● **Exercise instructions**
Return every line below exactly, leaving nothing out.

Data records:
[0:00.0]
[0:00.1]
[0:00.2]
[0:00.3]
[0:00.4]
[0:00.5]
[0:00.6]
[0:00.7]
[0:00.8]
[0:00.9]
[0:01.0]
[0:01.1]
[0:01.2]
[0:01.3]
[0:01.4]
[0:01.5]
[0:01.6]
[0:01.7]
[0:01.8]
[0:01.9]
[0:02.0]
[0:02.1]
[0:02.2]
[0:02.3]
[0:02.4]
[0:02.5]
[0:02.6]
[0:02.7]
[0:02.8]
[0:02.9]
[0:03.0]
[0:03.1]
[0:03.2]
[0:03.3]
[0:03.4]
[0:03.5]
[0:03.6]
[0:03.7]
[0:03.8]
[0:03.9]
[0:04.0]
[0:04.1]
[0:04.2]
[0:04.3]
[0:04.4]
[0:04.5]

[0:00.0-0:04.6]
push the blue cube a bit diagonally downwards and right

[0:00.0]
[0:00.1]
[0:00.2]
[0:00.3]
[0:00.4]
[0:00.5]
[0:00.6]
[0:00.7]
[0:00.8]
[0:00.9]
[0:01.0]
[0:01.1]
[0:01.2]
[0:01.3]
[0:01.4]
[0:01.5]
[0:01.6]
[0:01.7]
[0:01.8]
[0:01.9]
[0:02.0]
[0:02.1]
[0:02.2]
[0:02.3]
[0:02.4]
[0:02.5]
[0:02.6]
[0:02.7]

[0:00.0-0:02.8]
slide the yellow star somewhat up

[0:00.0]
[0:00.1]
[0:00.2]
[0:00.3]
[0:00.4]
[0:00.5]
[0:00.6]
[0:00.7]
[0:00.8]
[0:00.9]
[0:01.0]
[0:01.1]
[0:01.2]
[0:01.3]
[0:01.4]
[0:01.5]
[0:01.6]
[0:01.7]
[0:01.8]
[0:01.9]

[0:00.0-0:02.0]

● **Task answer**
[0:00.0]
[0:00.1]
[0:00.2]
[0:00.3]
[0:00.4]
[0:00.5]
[0:00.6]
[0:00.7]
[0:00.8]
[0:00.9]
[0:01.0]
[0:01.1]
[0:01.2]
[0:01.3]
[0:01.4]
[0:01.5]
[0:01.6]
[0:01.7]
[0:01.8]
[0:01.9]
[0:02.0]
[0:02.1]
[0:02.2]
[0:02.3]
[0:02.4]
[0:02.5]
[0:02.6]
[0:02.7]
[0:02.8]
[0:02.9]
[0:03.0]
[0:03.1]
[0:03.2]
[0:03.3]
[0:03.4]
[0:03.5]
[0:03.6]
[0:03.7]
[0:03.8]
[0:03.9]
[0:04.0]
[0:04.1]
[0:04.2]
[0:04.3]
[0:04.4]
[0:04.5]

[0:00.0-0:04.6]
push the blue cube a bit diagonally downwards and right

[0:00.0]
[0:00.1]
[0:00.2]
[0:00.3]
[0:00.4]
[0:00.5]
[0:00.6]
[0:00.7]
[0:00.8]
[0:00.9]
[0:01.0]
[0:01.1]
[0:01.2]
[0:01.3]
[0:01.4]
[0:01.5]
[0:01.6]
[0:01.7]
[0:01.8]
[0:01.9]
[0:02.0]
[0:02.1]
[0:02.2]
[0:02.3]
[0:02.4]
[0:02.5]
[0:02.6]
[0:02.7]

[0:00.0-0:02.8]
slide the yellow star somewhat up

[0:00.0]
[0:00.1]
[0:00.2]
[0:00.3]
[0:00.4]
[0:00.5]
[0:00.6]
[0:00.7]
[0:00.8]
[0:00.9]
[0:01.0]
[0:01.1]
[0:01.2]
[0:01.3]
[0:01.4]
[0:01.5]
[0:01.6]
[0:01.7]
[0:01.8]
[0:01.9]

[0:00.0-0:02.0]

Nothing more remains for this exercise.